“Agile” is Just A Brand Name
Brian Marick, a well-known “Agile tester” and signer of the Agile Manifesto, has confirmed what I had feared all along, except it is worse than I thought. Not only is “Agile” just a marketing term, “It was explicitly conceived of as a marketing term: to be evocative, to be less dismissable than “lightweight” (the previous common term).”
I thought it was some money grubbing marketers and book sellers who hijacked the term that the Agile Alliance so smartly chose, but that doesn’t seem to be the case. It appears we were being duped all along and that’s really disappointing.
Oh well. Brian’s post essentially ends a large debate that pliantalliance.org has been having (mostly with itself) about whether “Agile” was to be taken literally or not. This is actually a good thing. Now we can get on with the business of pointing out this difference to people and promoting the alternative of critically evaluating one’s own context and changing processes/techniques where appropriate as a means of improving how software development is done.
For the record, the “pliant” in “pliant software development” is not a marketing term and is ment to literally mean doing software in a pliant way.

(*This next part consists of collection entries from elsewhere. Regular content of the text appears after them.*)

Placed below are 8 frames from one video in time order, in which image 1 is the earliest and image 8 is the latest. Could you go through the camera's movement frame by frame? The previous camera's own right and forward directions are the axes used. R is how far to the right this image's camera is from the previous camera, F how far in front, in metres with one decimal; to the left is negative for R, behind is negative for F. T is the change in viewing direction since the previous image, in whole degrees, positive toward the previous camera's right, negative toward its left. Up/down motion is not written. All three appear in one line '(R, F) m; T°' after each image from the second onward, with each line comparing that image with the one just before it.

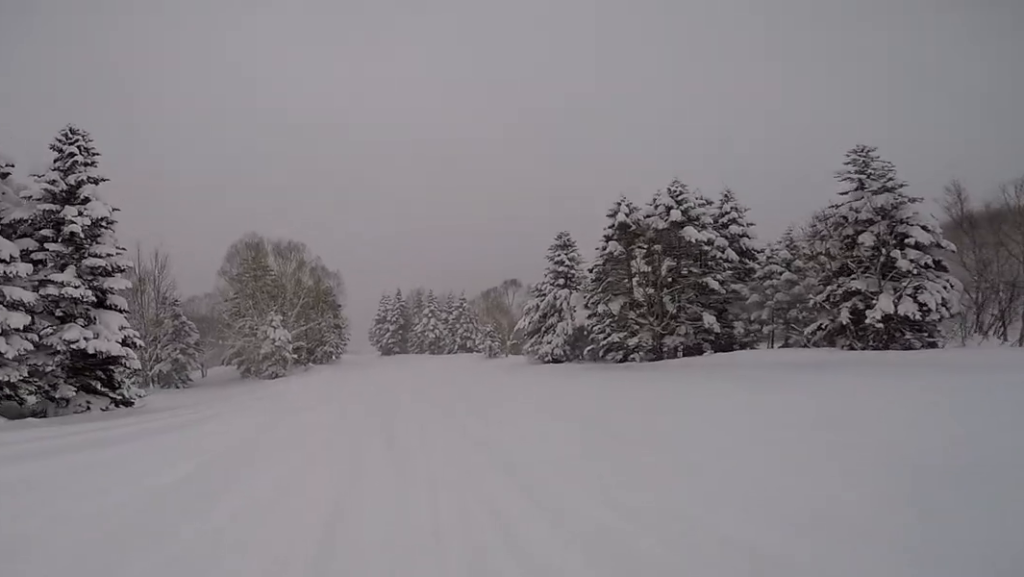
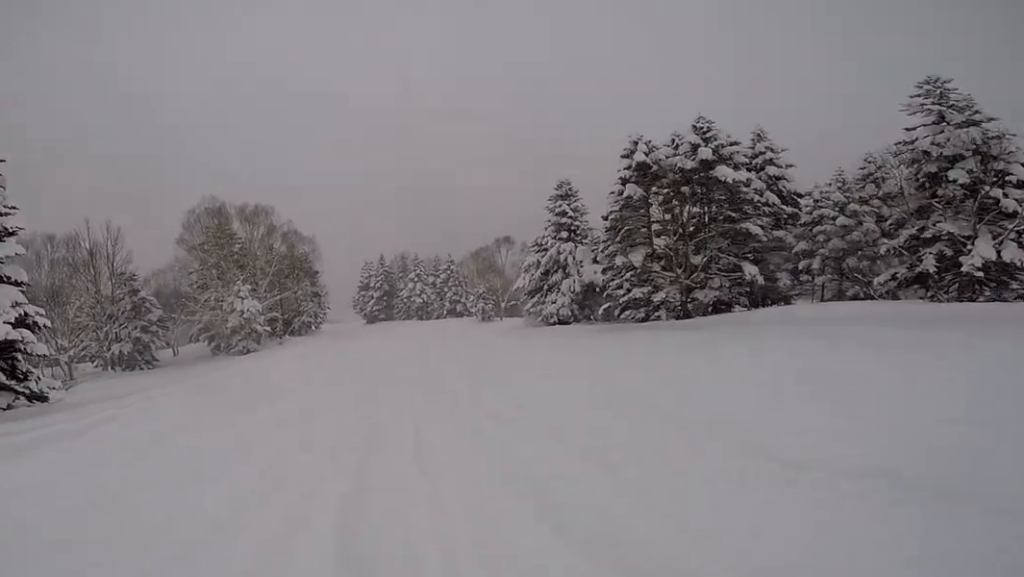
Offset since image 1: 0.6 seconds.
(+0.4, +4.8) m; +6°
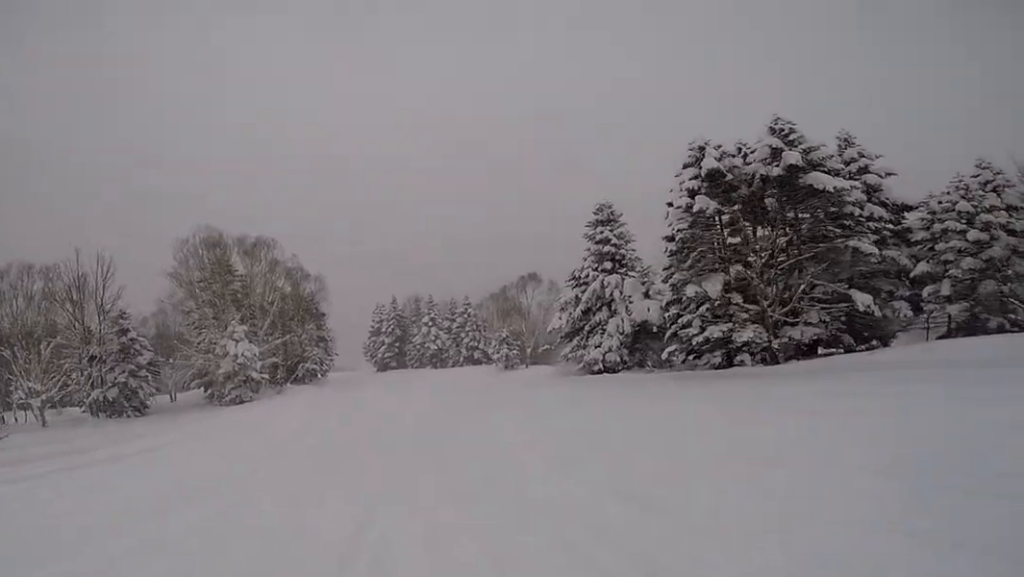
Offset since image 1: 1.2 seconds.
(+0.3, +5.3) m; +7°
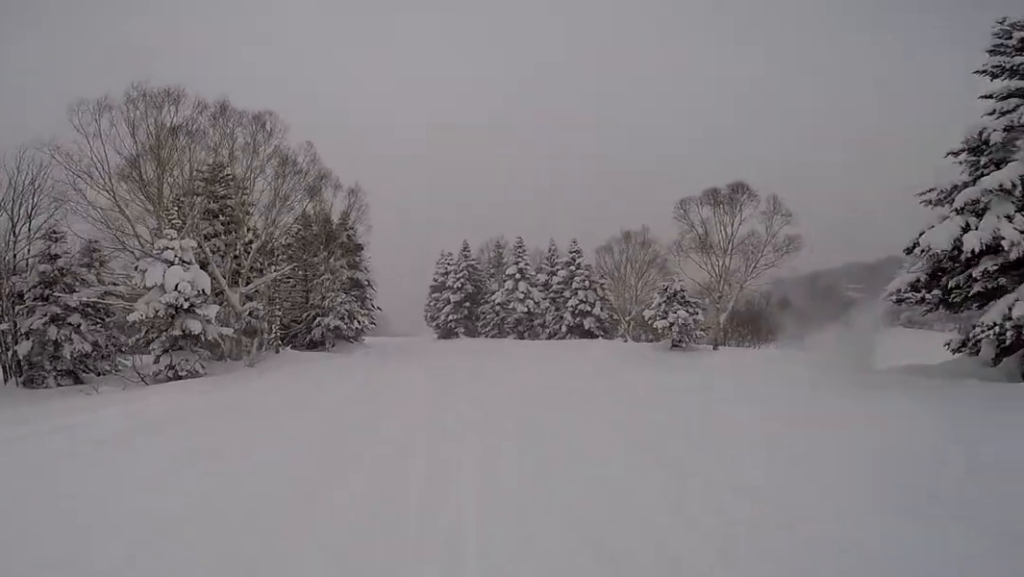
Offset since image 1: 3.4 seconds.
(-2.4, +18.8) m; -14°
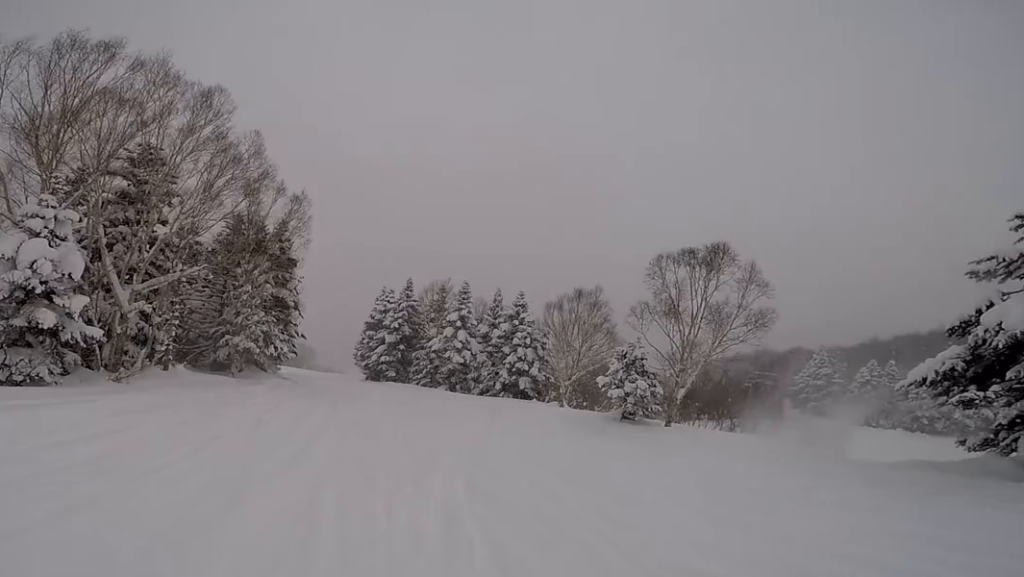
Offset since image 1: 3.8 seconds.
(+0.5, +4.0) m; -2°
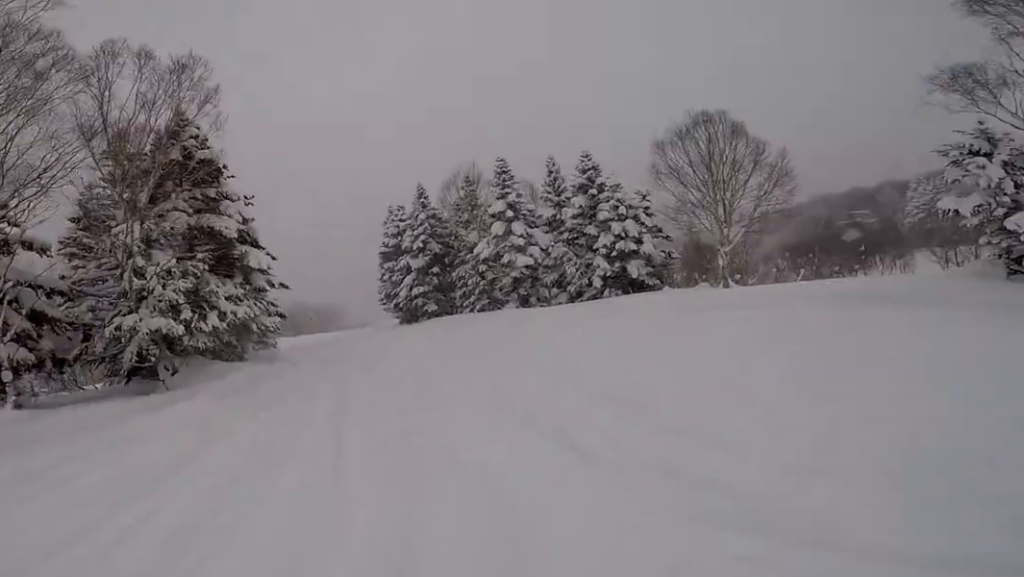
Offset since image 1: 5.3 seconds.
(-1.2, +13.6) m; +1°
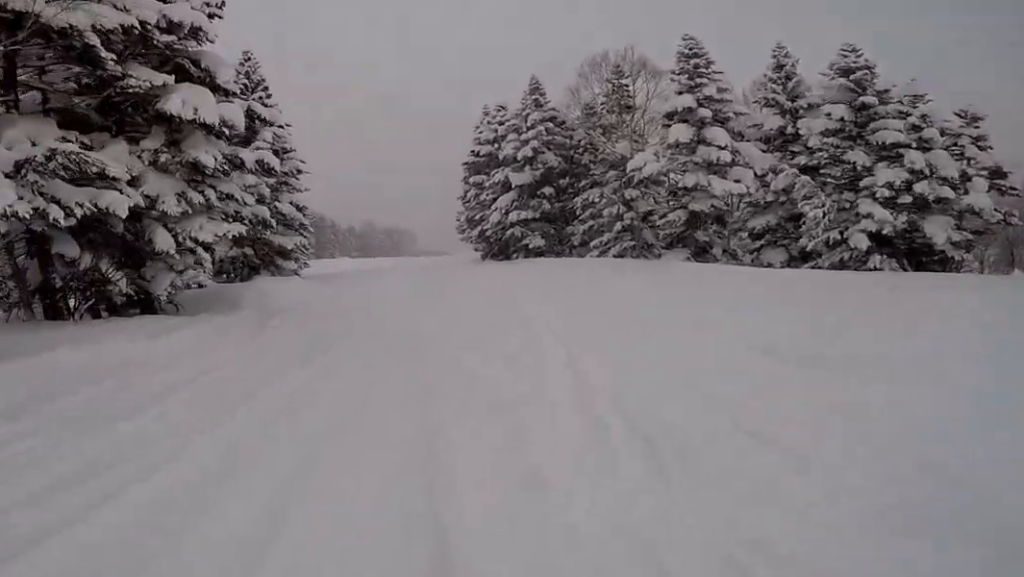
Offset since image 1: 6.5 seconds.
(+1.9, +11.4) m; +7°
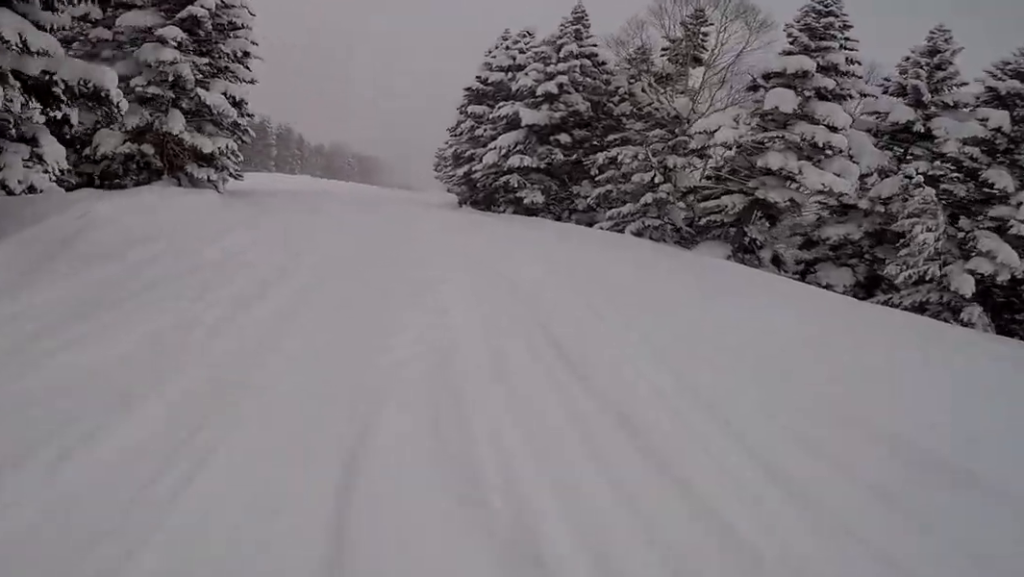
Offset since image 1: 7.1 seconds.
(+0.3, +5.3) m; -4°

on June 20th, 2006 at 7:56 am
[...] Dan North has a post about how agility is about coming up with a “repeatable, predictable way to adapt to change”. First of all, as we’ve discovered, “Agility” is about marketing, so in a sense, Dan is wrong. However, getting better at software development is about evolvibilty. Adapting to a changing context and working in a way that best suits ythat context is the path to better software development. [...]
on June 30th, 2006 at 1:46 pm
James disputes Brian’s claim that “Agile” is a marketing term. I can see this becoming a long drawn out argument. Frankly I don’t really care about the origins of “Agile”. All I care about is what it means now. In my opinion, “Agile” has definately become a marketing term. So, like I said in the original post, I’m moving on.